Response: We agree with the reviewer that in small cohorts such as these, there is a risk of overfitting. Consequently, while a 5-fold cross-validation is an acceptable strategy (i.e., using 80% of the cohort for training and 20% of the cohort for validation), to minimize the risk of overfitting, in the revised manuscript we employed a more stringent cross-validation strategy (namely leave-one-out cross-validation), which yielded an AUC of 0.77 ± 0.01.

>> Admitting that jackknife methods in general possess less bias, the reviewer considers a new model needs to be externally validated using an independent cohort according to the REMARK guideline [Altman DG, et al. PLoS Med. 2012 May; 9(5): e1001216.]. Therefore, it is not sufficient to use a subgroup of the same population given that there is always a risk of selection and information bias.

This point should further be discussed in the ‘Discussion’ and ‘Conclusion’ sections of the manuscript.

Author Response

We thank the reviewers for their suggestions. In our opinion, their suggestions helped to increase the quality of the article. The changes in the manuscript are highlighted by the track-change option of MS Word.

 

Reviewer 1.

 

1. Admitting that jackknife methods in general possess less bias, the reviewer considers a new model needs to be externally validated using an independent cohort according to the REMARK guideline [Altman DG, et al. PLoS Med. 2012 May; 9(5): e1001216.]. Therefore, it is not sufficient to use a subgroup of the same population given that there is always a risk of selection and information bias.

 

Response: We thank the reviewer for this observation. Indeed, external validation represents the best way for the validation of a new tumor marker, as beautifully explained by Altman et all in the REMARK guideline. Unfortunately, in these troubling times, it was not possible to externally validate our results. For this reason, as suggested, we used internal validation with leave-one-out cross-validation. To better highlight this limitation, we made the next changes:

 

Line 113: “The machine learning algorithms were internally validated using leave-one-out cross-validation.”

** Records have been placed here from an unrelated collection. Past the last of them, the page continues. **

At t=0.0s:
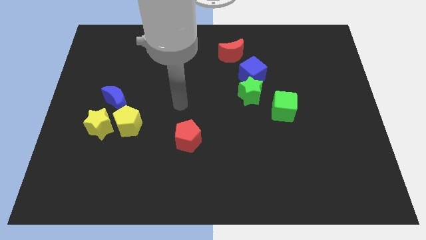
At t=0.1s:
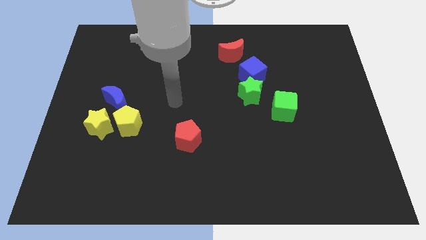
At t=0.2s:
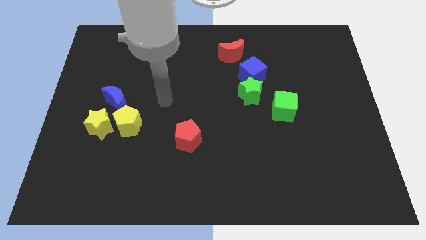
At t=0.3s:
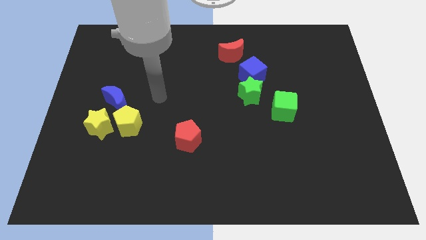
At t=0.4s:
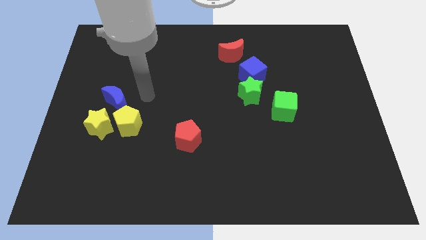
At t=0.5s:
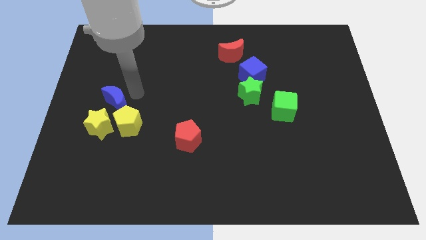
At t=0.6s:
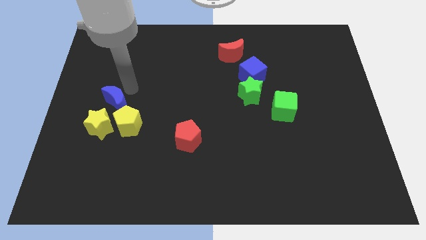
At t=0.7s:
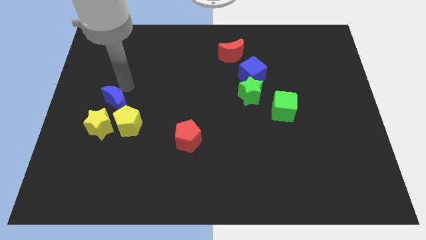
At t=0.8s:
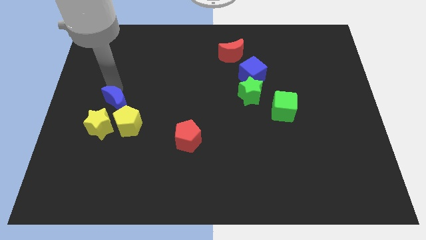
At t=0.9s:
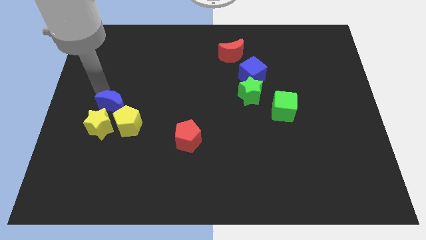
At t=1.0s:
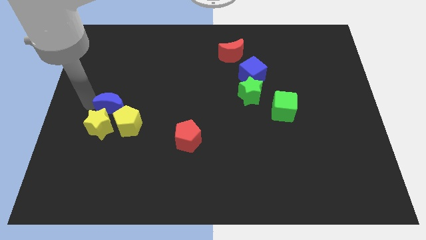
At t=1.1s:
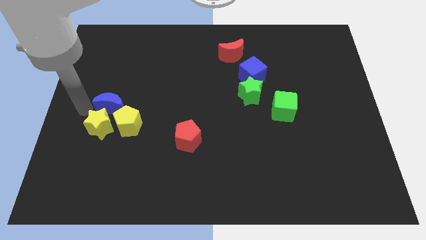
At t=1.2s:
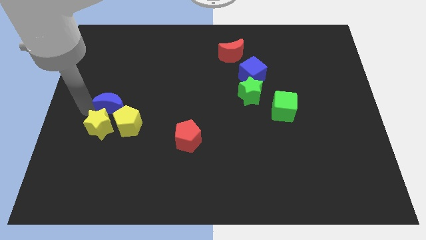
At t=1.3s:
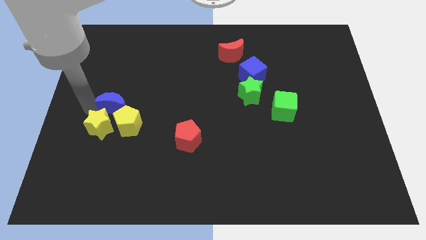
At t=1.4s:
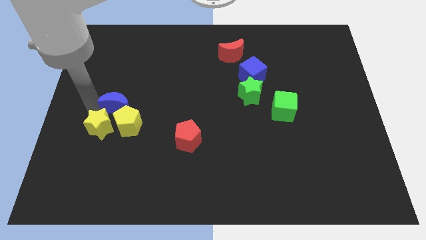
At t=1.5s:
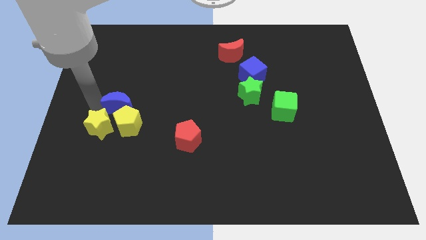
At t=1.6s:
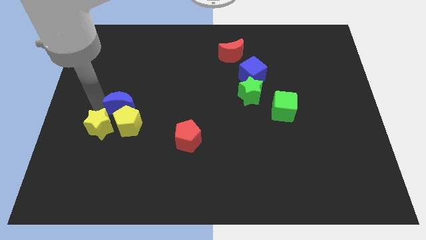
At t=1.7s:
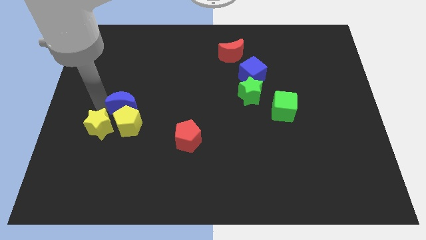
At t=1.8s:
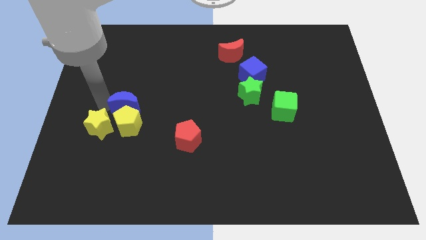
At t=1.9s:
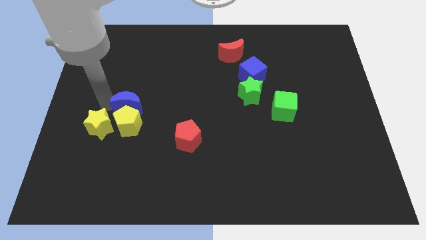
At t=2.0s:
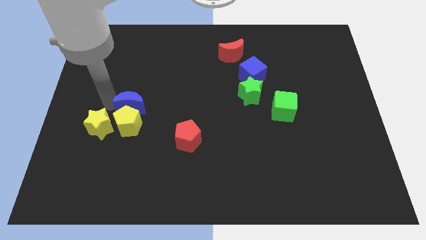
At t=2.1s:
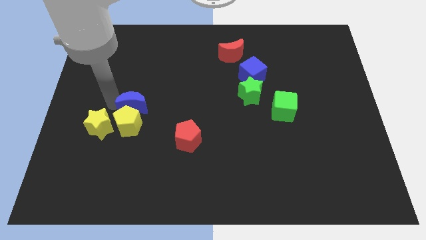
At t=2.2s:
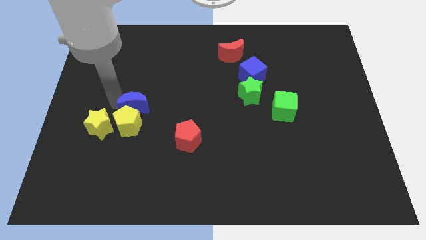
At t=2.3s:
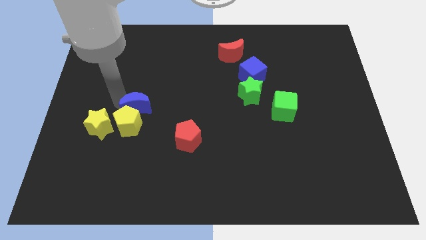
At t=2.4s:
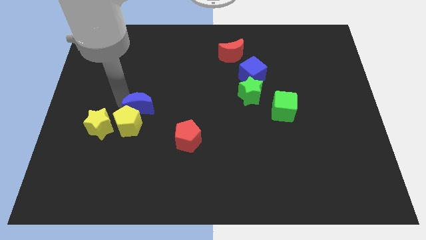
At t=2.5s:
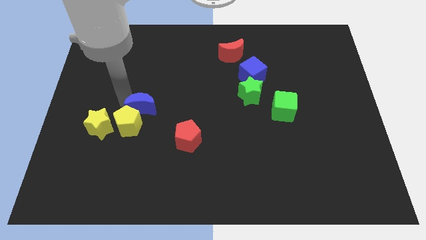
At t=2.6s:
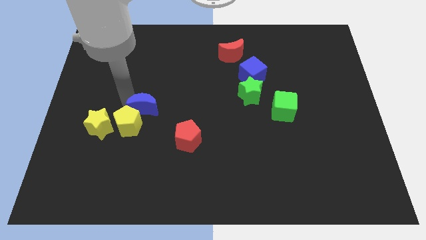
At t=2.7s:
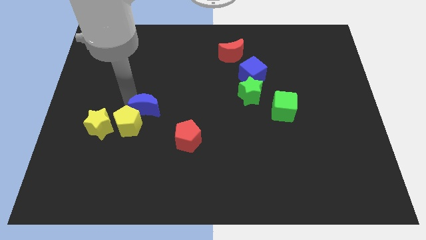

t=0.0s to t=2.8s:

Line 147: “The performance metrics of the three classifiers after internal leave-one-out cross-validation are presented in Table 2.”

Line 261: “Ideally, the study should have included an external validation cohort, as recommended by the REMARK guideline on study methodology for new tumor markers studies [35]. Instead, internal leave-one-out cross-validation was used to validate the model because an external cohort was not available, as recommended by the same authors [35]. The inclusion of an external validation cohort is mandatory in future studies”.

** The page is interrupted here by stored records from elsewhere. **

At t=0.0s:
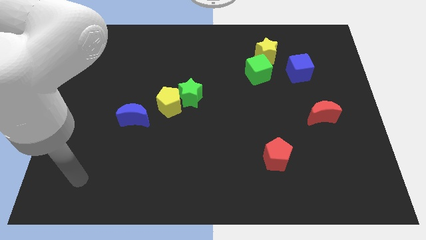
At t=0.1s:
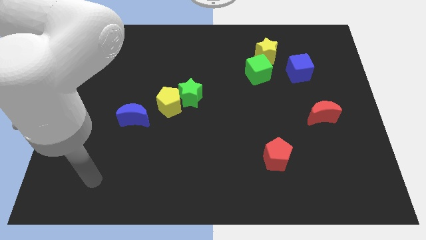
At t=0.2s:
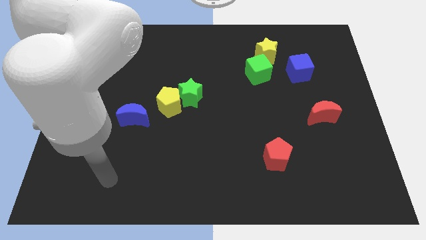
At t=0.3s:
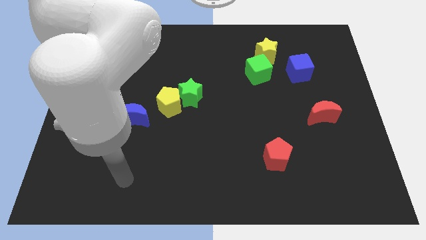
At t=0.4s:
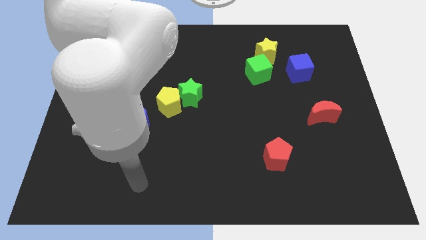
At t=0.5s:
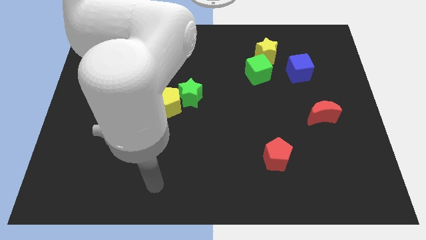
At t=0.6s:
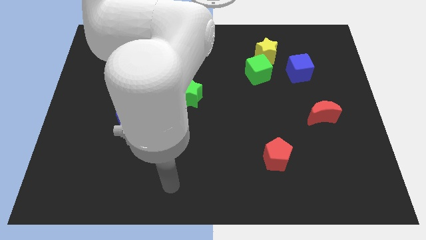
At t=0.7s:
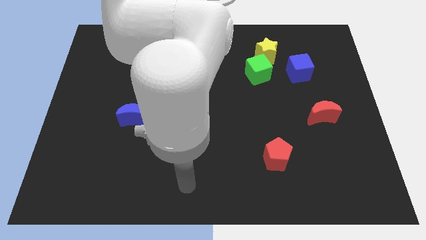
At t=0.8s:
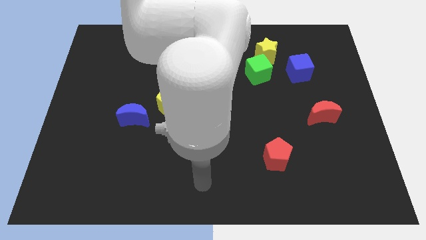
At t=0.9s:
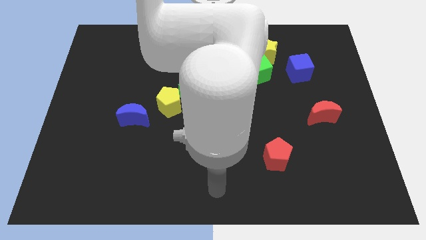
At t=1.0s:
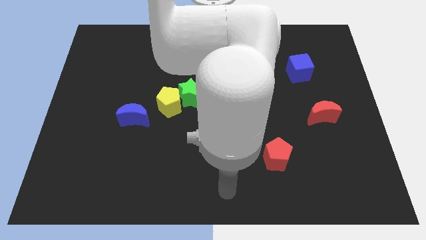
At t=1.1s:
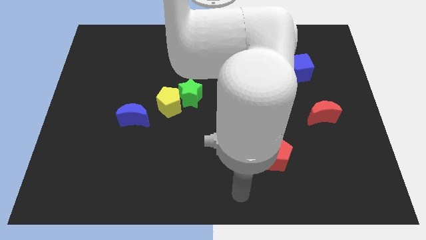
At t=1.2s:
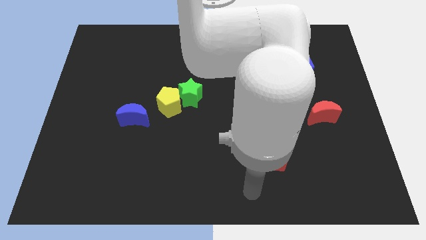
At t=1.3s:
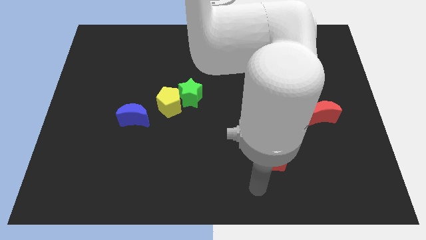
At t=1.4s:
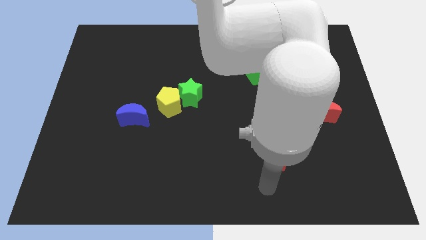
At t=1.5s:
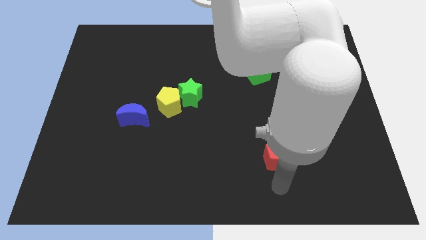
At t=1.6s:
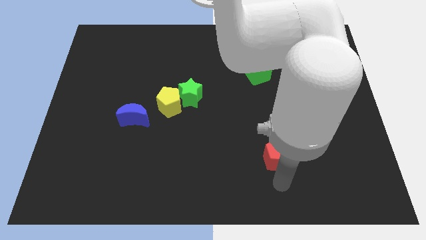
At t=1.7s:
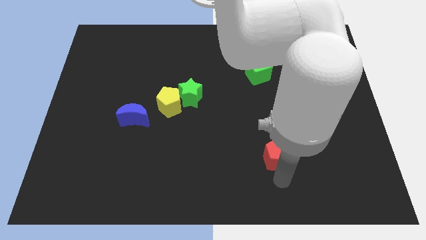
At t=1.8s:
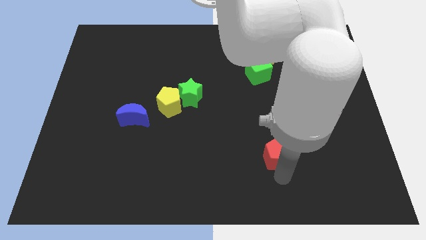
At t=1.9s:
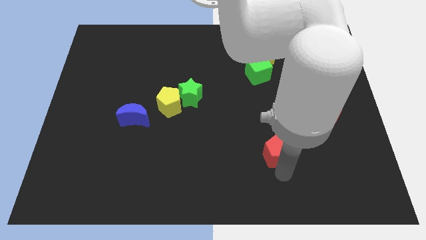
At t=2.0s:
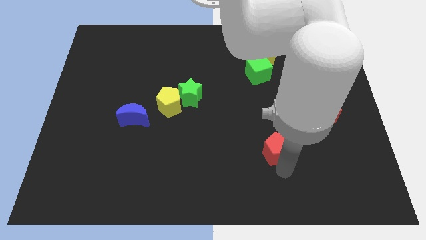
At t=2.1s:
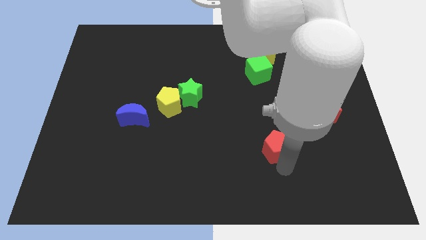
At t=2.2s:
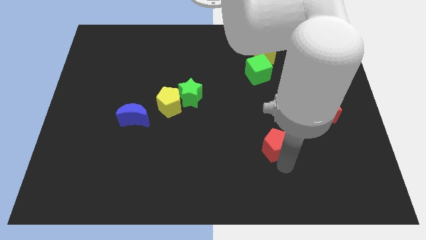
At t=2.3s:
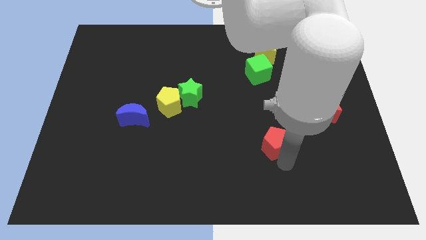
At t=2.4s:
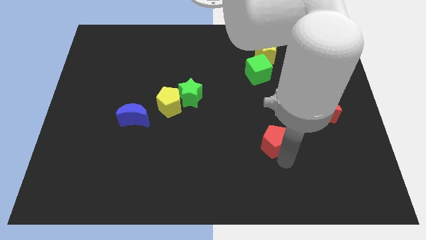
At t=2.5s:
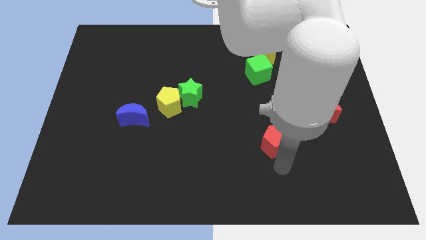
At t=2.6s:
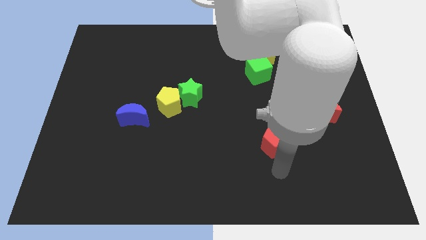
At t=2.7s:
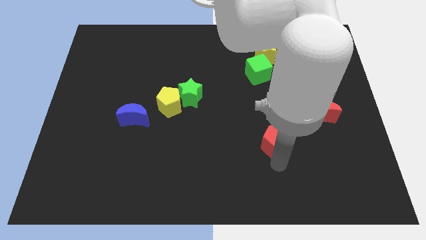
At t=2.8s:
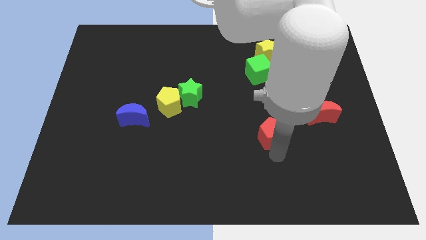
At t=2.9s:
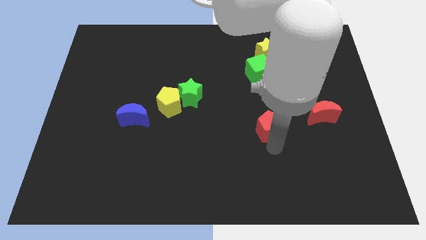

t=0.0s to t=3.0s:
slide the red pentagon somewhat upwards

Line 288: “Future studies assessing the accuracy of SERS profiling in large prospective cohorts with external validationare warranted to validate this strategy and translate it in the current clinical setting.”

 

Reviewer 2 Report

Thank you for modifications. pleas follow this interesting research path

Author Response

Thank you for your help! Hopefully, we will continue the research on this topic.